Миссис Ститт кивнула и двинулась к двери.

– Что ж, – смущенно сказала она, – наверное, надо вернуться вниз, а то я до ночи не управлюсь. – У порога она на секунду остановилась. – Да, чтобы не забыть. В следующую пятницу я могу быть у вас только утром. Днем мне надо быть в городе, заседаю в жюри присяжных. Вообще-то могли бы и отпустить, мне ведь самой приходится на жизнь зарабатывать. Но придется идти, потому что судья говорит то же самое про работу.

– Конечно, Эдна, – улыбнулась Бланш.

– Но я могу прийти в понедельник утром, – если, конечно, это вас устроит. Хоть чем-то помогу…
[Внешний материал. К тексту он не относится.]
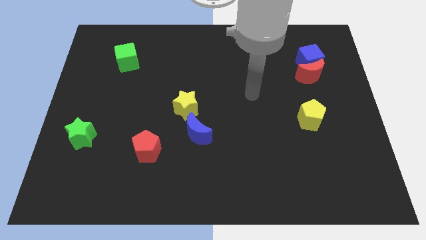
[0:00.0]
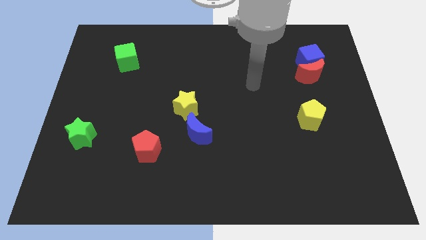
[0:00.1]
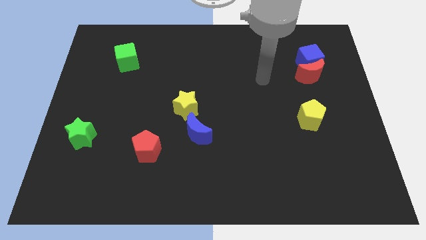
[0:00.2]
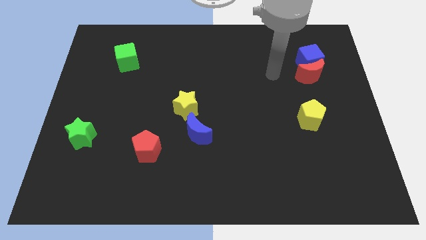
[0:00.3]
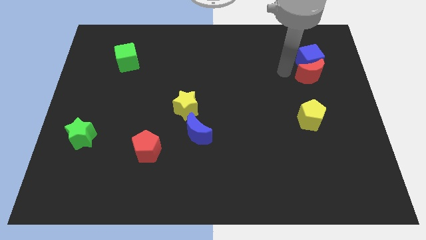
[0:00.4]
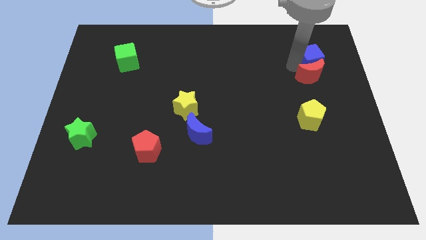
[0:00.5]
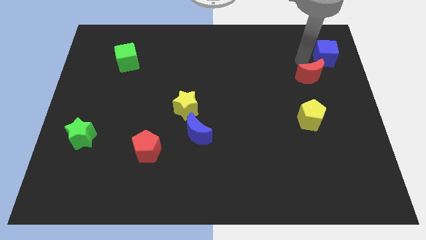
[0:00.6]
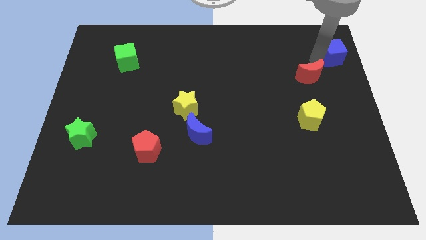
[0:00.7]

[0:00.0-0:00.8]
move the red moon away from the blue cube

– Хорошо, хорошо, Эдна, – поспешно сказала Бланш. – Спасибо, что предупредили.

Еще долго, оставшись одна, она сидела в задумчивом молчании. Недавнее ощущение благополучия и покоя полностью испарилось. Она начала было разворачиваться к окну, но остановилась – вновь почудилось какое-то движение в холле. Вспомнив про письма, все еще лежавшие у нее на коленях, Бланш собрала их и сунула в карман.

Поглаживая их, она попыталась успокоиться, но все равно услышала донесшийся откуда-то издалека пронзительный голос:

– У меня есть талант! Пусть никто этого не видит… Все равно есть!

3

– Извините, – сказал голос на другом конце провода, – мистер Хэнли сейчас беседует с клиентом. Ему что-нибудь передать?
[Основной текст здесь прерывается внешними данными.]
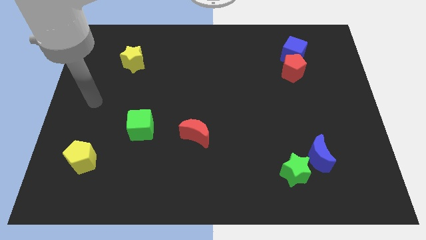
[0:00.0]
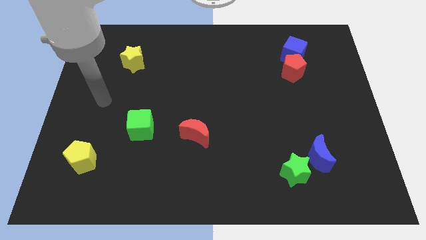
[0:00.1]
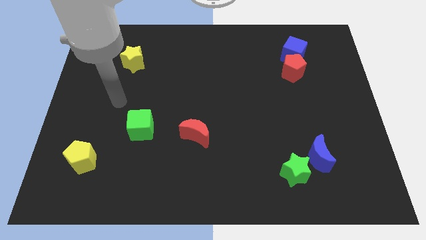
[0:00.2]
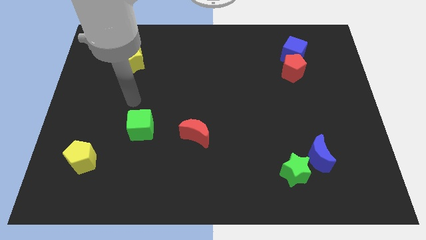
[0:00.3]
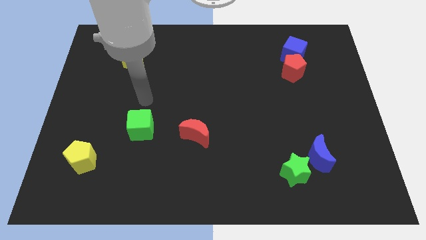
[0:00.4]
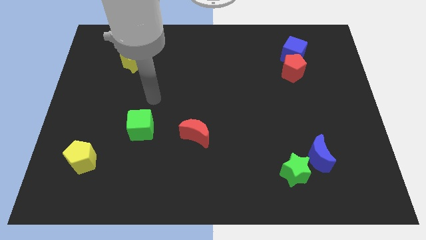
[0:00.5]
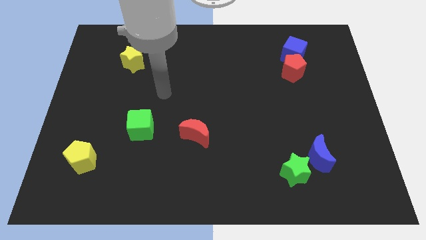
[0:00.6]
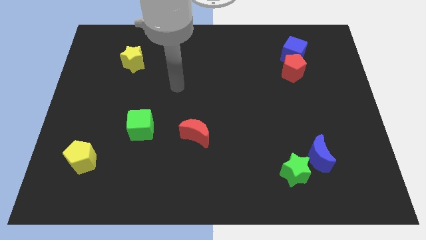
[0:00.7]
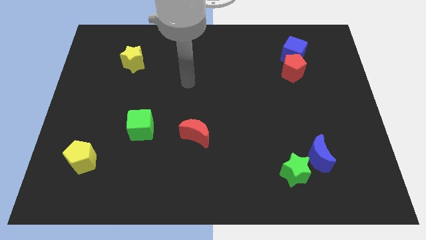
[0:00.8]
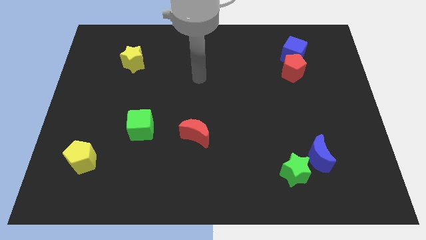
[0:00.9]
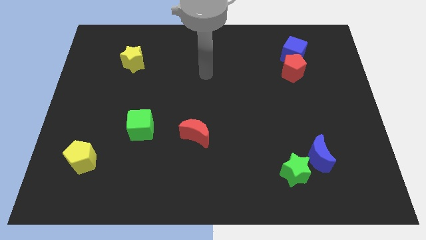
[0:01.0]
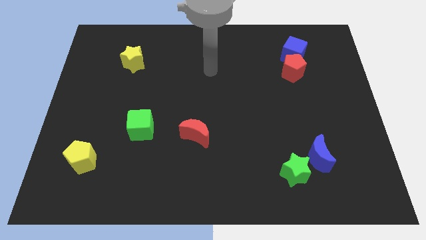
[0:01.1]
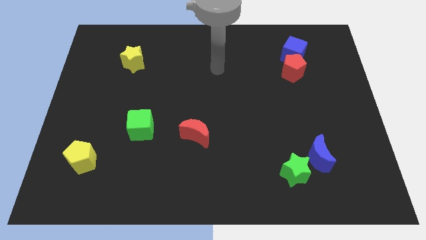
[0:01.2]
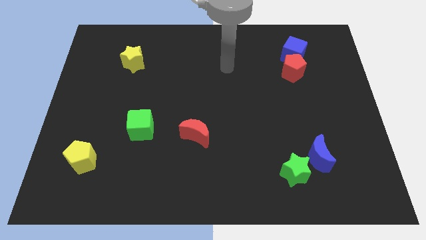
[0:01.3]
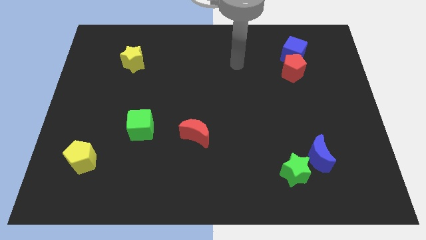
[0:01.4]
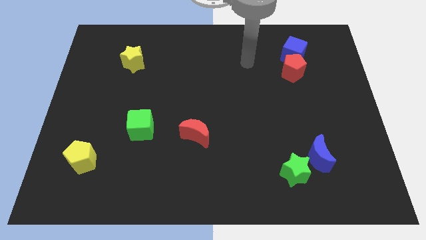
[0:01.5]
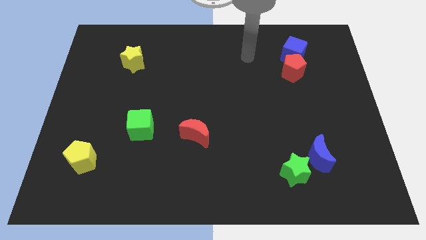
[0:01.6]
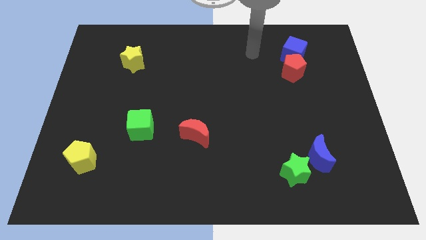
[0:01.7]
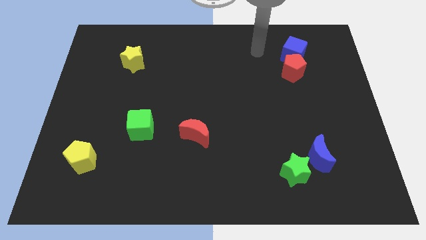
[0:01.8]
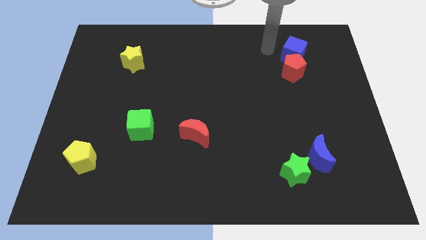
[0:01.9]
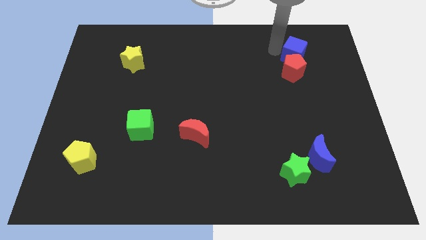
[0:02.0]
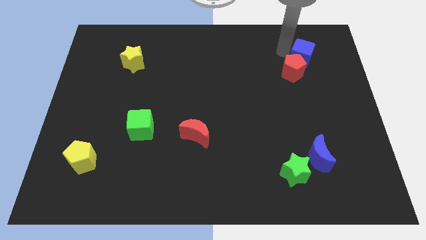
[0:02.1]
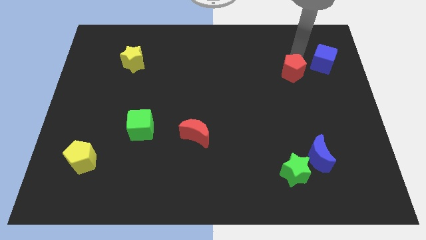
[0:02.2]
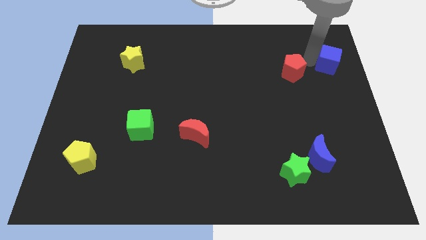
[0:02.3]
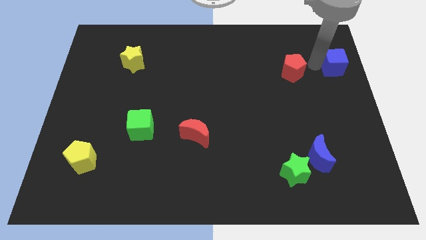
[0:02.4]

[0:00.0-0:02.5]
move the red pentagon away from the blue cube

– Да нет, спасибо… разве что скажите, что звонила Бланш Хадсон. Мой номер…

– О, мисс Хадсон! Если у вас что-нибудь срочное, уверена, что мистер Хэнли захочет выслушать вас.

– Нет-нет, ничего срочного. Но когда он освободится, я хотела бы поговорить с ним.
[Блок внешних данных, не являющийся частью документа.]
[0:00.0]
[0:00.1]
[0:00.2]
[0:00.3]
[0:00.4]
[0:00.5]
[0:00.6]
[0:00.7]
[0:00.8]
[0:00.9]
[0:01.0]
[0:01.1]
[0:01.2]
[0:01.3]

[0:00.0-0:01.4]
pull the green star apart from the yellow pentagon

– Разумеется, мисс Хадсон. Я сразу же соединю его с вами. Скажем, через полчаса. Это удобно?

– Отлично. – Бланш немного помолчала. – Знаете что… скажите мистеру Хэнли, что я решила продать дом. Наверное, он удивится. И еще скажите, что готова продать его первому, кто пожелает.

– Хорошо, передам. – В голосе секретарши послышалось некоторое удивление. – И соединю его с вами.

Бланш попрощалась и уже собиралась повесить трубку, но вдруг прислушалась. Хотя секретарша уже отключилась, на линии все еще смутно слышались какие-то звуки, словно чье-то дыхание. Это продолжалось секунду-другую, потом раздался негромкий щелчок, и наступило молчание.

Бланш озабоченно нахмурилась и поставила телефонный аппарат с колен на стол. Она нарочно перенесла его из коридора к себе в комнату, чтобы Джейн внизу не слышала ее разговоров. Вообще, у нее не было особенных причин секретничать, да, пожалуй, если подумать, то и вообще никаких. Просто Бланш казалось, что лучше сначала переговорить о продаже дома с Бертом, а потом уж, когда все окончательно прояснится, посвятить в свои планы Джейн. Времени для этого было достаточно. К тому же ей было понятно: сама идея переезда подействует на Джейн в ее нынешнем состоянии особенно угнетающе.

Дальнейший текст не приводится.